Exercise objective: Copy every line of the data below exactly as given, except for the pictures.

Records to process:
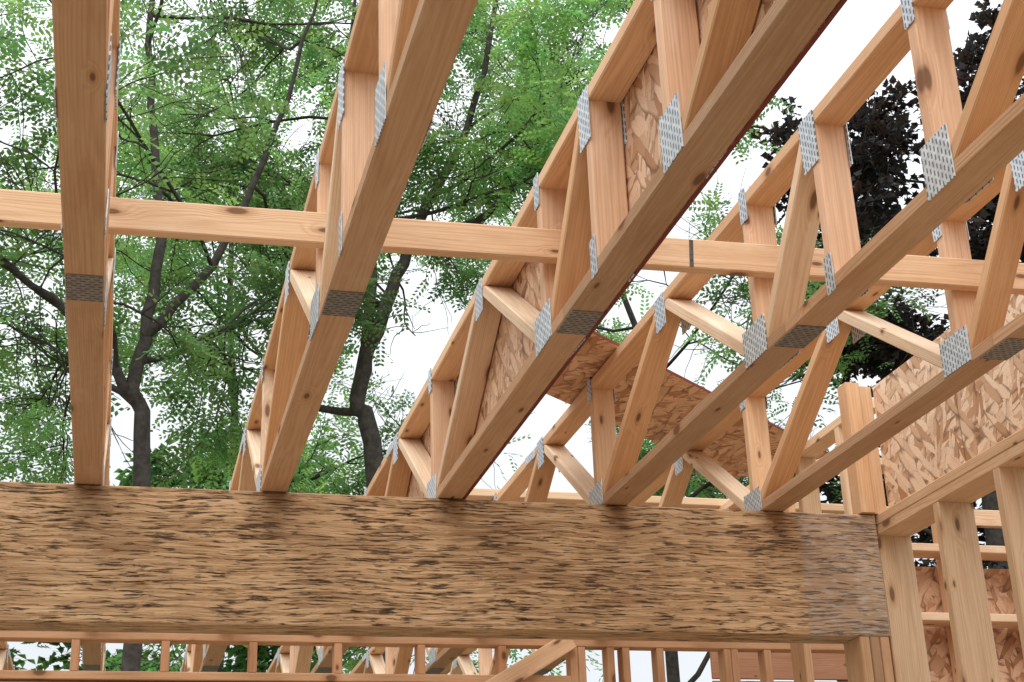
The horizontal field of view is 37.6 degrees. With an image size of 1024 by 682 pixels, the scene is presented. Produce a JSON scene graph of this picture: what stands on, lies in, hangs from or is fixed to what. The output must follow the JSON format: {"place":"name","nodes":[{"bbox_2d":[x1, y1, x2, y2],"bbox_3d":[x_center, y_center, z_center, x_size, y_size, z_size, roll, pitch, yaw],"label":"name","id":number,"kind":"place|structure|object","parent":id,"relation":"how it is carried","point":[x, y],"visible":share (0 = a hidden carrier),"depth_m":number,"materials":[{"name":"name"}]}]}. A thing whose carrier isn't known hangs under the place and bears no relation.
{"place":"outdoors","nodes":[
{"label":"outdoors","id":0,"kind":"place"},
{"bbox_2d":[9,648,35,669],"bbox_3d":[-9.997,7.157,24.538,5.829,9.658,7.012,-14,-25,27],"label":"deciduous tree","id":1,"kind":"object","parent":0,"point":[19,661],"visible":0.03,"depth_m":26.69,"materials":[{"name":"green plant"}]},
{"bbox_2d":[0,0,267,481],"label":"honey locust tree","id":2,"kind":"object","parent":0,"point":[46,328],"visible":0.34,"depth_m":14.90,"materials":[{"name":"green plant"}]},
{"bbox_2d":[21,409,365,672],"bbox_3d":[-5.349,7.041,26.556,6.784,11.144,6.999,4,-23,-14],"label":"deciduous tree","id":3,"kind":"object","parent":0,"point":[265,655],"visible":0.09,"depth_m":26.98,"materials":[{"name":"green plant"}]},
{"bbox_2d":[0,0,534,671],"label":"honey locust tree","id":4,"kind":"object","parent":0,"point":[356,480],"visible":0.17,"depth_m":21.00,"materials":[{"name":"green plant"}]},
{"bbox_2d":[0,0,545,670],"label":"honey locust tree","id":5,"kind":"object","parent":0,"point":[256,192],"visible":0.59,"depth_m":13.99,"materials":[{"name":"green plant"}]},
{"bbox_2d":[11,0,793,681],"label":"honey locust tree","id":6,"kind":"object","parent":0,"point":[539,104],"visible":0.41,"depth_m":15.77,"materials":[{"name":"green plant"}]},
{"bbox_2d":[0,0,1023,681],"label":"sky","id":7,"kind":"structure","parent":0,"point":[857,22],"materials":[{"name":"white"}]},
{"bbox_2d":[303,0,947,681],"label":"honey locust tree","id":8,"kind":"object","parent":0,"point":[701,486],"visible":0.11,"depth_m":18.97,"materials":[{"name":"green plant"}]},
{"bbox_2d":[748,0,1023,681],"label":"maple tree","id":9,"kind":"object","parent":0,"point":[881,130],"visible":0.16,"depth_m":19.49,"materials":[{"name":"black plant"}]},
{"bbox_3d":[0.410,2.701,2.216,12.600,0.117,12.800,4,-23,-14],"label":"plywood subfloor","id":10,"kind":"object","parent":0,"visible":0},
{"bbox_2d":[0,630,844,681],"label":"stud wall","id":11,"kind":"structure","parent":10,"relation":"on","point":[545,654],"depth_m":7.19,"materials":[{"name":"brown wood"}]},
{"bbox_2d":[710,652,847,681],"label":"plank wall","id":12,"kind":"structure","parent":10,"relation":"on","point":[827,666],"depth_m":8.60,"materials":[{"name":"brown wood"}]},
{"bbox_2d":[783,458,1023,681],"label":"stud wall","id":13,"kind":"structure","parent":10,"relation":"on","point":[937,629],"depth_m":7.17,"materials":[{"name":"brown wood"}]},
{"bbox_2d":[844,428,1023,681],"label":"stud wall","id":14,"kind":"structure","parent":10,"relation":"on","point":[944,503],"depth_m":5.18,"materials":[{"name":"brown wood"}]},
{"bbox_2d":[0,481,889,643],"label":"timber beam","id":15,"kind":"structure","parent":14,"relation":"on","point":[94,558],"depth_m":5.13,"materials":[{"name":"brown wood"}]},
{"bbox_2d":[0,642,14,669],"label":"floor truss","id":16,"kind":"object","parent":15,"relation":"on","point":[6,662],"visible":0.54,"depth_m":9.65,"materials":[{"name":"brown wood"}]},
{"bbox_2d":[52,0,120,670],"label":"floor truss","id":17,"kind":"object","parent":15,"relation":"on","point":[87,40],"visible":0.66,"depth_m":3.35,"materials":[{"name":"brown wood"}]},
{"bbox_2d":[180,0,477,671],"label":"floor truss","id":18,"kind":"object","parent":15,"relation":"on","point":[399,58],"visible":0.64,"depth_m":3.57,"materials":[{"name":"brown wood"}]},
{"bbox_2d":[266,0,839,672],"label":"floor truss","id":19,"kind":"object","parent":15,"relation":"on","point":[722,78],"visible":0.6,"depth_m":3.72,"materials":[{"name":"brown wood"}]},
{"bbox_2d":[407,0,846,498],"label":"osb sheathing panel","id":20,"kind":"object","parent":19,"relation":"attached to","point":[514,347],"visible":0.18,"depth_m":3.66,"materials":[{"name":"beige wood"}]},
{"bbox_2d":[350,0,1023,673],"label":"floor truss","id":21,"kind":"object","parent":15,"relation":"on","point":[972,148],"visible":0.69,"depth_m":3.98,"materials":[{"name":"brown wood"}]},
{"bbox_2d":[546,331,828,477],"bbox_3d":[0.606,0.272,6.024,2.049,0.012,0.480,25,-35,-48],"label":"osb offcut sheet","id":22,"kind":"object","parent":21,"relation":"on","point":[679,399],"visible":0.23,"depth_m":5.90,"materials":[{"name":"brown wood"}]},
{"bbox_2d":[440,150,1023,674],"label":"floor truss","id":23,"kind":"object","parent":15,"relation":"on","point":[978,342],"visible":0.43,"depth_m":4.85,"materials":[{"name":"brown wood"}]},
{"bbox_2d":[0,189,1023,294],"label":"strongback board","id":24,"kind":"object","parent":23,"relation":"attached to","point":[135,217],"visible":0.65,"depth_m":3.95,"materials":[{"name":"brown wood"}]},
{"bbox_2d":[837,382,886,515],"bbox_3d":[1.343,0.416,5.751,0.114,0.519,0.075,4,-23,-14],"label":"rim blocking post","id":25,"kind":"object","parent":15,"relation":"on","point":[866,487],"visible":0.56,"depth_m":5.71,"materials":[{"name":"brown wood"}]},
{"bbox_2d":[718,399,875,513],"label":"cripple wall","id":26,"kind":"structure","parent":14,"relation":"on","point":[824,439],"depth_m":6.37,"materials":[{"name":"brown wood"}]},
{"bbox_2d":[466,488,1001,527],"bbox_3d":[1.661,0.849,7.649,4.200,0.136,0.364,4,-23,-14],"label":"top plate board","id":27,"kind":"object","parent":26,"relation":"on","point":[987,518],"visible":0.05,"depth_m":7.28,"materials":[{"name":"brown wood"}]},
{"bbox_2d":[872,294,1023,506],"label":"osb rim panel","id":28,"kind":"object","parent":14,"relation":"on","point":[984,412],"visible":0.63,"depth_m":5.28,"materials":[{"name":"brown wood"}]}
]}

Solution:
The horizontal field of view is 37.6 degrees. With an image size of 1024 by 682 pixels, the scene is presented. Produce a JSON scene graph of this picture: what stands on, lies in, hangs from or is fixed to what. The output must follow the JSON format: {"place":"name","nodes":[{"bbox_2d":[x1, y1, x2, y2],"bbox_3d":[x_center, y_center, z_center, x_size, y_size, z_size, roll, pitch, yaw],"label":"name","id":number,"kind":"place|structure|object","parent":id,"relation":"how it is carried","point":[x, y],"visible":share (0 = a hidden carrier),"depth_m":number,"materials":[{"name":"name"}]}]}. A thing whose carrier isn't known hangs under the place and bears no relation.
{"place":"outdoors","nodes":[
{"label":"outdoors","id":0,"kind":"place"},
{"bbox_2d":[9,648,35,669],"bbox_3d":[-9.997,7.157,24.538,5.829,9.658,7.012,-14,-25,27],"label":"deciduous tree","id":1,"kind":"object","parent":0,"point":[19,661],"visible":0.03,"depth_m":26.69,"materials":[{"name":"green plant"}]},
{"bbox_2d":[0,0,267,481],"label":"honey locust tree","id":2,"kind":"object","parent":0,"point":[46,328],"visible":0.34,"depth_m":14.90,"materials":[{"name":"green plant"}]},
{"bbox_2d":[21,409,365,672],"bbox_3d":[-5.349,7.041,26.556,6.784,11.144,6.999,4,-23,-14],"label":"deciduous tree","id":3,"kind":"object","parent":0,"point":[265,655],"visible":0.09,"depth_m":26.98,"materials":[{"name":"green plant"}]},
{"bbox_2d":[0,0,534,671],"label":"honey locust tree","id":4,"kind":"object","parent":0,"point":[356,480],"visible":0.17,"depth_m":21.00,"materials":[{"name":"green plant"}]},
{"bbox_2d":[0,0,545,670],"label":"honey locust tree","id":5,"kind":"object","parent":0,"point":[256,192],"visible":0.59,"depth_m":13.99,"materials":[{"name":"green plant"}]},
{"bbox_2d":[11,0,793,681],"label":"honey locust tree","id":6,"kind":"object","parent":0,"point":[539,104],"visible":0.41,"depth_m":15.77,"materials":[{"name":"green plant"}]},
{"bbox_2d":[0,0,1023,681],"label":"sky","id":7,"kind":"structure","parent":0,"point":[857,22],"materials":[{"name":"white"}]},
{"bbox_2d":[303,0,947,681],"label":"honey locust tree","id":8,"kind":"object","parent":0,"point":[701,486],"visible":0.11,"depth_m":18.97,"materials":[{"name":"green plant"}]},
{"bbox_2d":[748,0,1023,681],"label":"maple tree","id":9,"kind":"object","parent":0,"point":[881,130],"visible":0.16,"depth_m":19.49,"materials":[{"name":"black plant"}]},
{"bbox_3d":[0.410,2.701,2.216,12.600,0.117,12.800,4,-23,-14],"label":"plywood subfloor","id":10,"kind":"object","parent":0,"visible":0},
{"bbox_2d":[0,630,844,681],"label":"stud wall","id":11,"kind":"structure","parent":10,"relation":"on","point":[545,654],"depth_m":7.19,"materials":[{"name":"brown wood"}]},
{"bbox_2d":[710,652,847,681],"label":"plank wall","id":12,"kind":"structure","parent":10,"relation":"on","point":[827,666],"depth_m":8.60,"materials":[{"name":"brown wood"}]},
{"bbox_2d":[783,458,1023,681],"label":"stud wall","id":13,"kind":"structure","parent":10,"relation":"on","point":[937,629],"depth_m":7.17,"materials":[{"name":"brown wood"}]},
{"bbox_2d":[844,428,1023,681],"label":"stud wall","id":14,"kind":"structure","parent":10,"relation":"on","point":[944,503],"depth_m":5.18,"materials":[{"name":"brown wood"}]},
{"bbox_2d":[0,481,889,643],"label":"timber beam","id":15,"kind":"structure","parent":14,"relation":"on","point":[94,558],"depth_m":5.13,"materials":[{"name":"brown wood"}]},
{"bbox_2d":[0,642,14,669],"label":"floor truss","id":16,"kind":"object","parent":15,"relation":"on","point":[6,662],"visible":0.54,"depth_m":9.65,"materials":[{"name":"brown wood"}]},
{"bbox_2d":[52,0,120,670],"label":"floor truss","id":17,"kind":"object","parent":15,"relation":"on","point":[87,40],"visible":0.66,"depth_m":3.35,"materials":[{"name":"brown wood"}]},
{"bbox_2d":[180,0,477,671],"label":"floor truss","id":18,"kind":"object","parent":15,"relation":"on","point":[399,58],"visible":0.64,"depth_m":3.57,"materials":[{"name":"brown wood"}]},
{"bbox_2d":[266,0,839,672],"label":"floor truss","id":19,"kind":"object","parent":15,"relation":"on","point":[722,78],"visible":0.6,"depth_m":3.72,"materials":[{"name":"brown wood"}]},
{"bbox_2d":[407,0,846,498],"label":"osb sheathing panel","id":20,"kind":"object","parent":19,"relation":"attached to","point":[514,347],"visible":0.18,"depth_m":3.66,"materials":[{"name":"beige wood"}]},
{"bbox_2d":[350,0,1023,673],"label":"floor truss","id":21,"kind":"object","parent":15,"relation":"on","point":[972,148],"visible":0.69,"depth_m":3.98,"materials":[{"name":"brown wood"}]},
{"bbox_2d":[546,331,828,477],"bbox_3d":[0.606,0.272,6.024,2.049,0.012,0.480,25,-35,-48],"label":"osb offcut sheet","id":22,"kind":"object","parent":21,"relation":"on","point":[679,399],"visible":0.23,"depth_m":5.90,"materials":[{"name":"brown wood"}]},
{"bbox_2d":[440,150,1023,674],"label":"floor truss","id":23,"kind":"object","parent":15,"relation":"on","point":[978,342],"visible":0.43,"depth_m":4.85,"materials":[{"name":"brown wood"}]},
{"bbox_2d":[0,189,1023,294],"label":"strongback board","id":24,"kind":"object","parent":23,"relation":"attached to","point":[135,217],"visible":0.65,"depth_m":3.95,"materials":[{"name":"brown wood"}]},
{"bbox_2d":[837,382,886,515],"bbox_3d":[1.343,0.416,5.751,0.114,0.519,0.075,4,-23,-14],"label":"rim blocking post","id":25,"kind":"object","parent":15,"relation":"on","point":[866,487],"visible":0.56,"depth_m":5.71,"materials":[{"name":"brown wood"}]},
{"bbox_2d":[718,399,875,513],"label":"cripple wall","id":26,"kind":"structure","parent":14,"relation":"on","point":[824,439],"depth_m":6.37,"materials":[{"name":"brown wood"}]},
{"bbox_2d":[466,488,1001,527],"bbox_3d":[1.661,0.849,7.649,4.200,0.136,0.364,4,-23,-14],"label":"top plate board","id":27,"kind":"object","parent":26,"relation":"on","point":[987,518],"visible":0.05,"depth_m":7.28,"materials":[{"name":"brown wood"}]},
{"bbox_2d":[872,294,1023,506],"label":"osb rim panel","id":28,"kind":"object","parent":14,"relation":"on","point":[984,412],"visible":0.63,"depth_m":5.28,"materials":[{"name":"brown wood"}]}
]}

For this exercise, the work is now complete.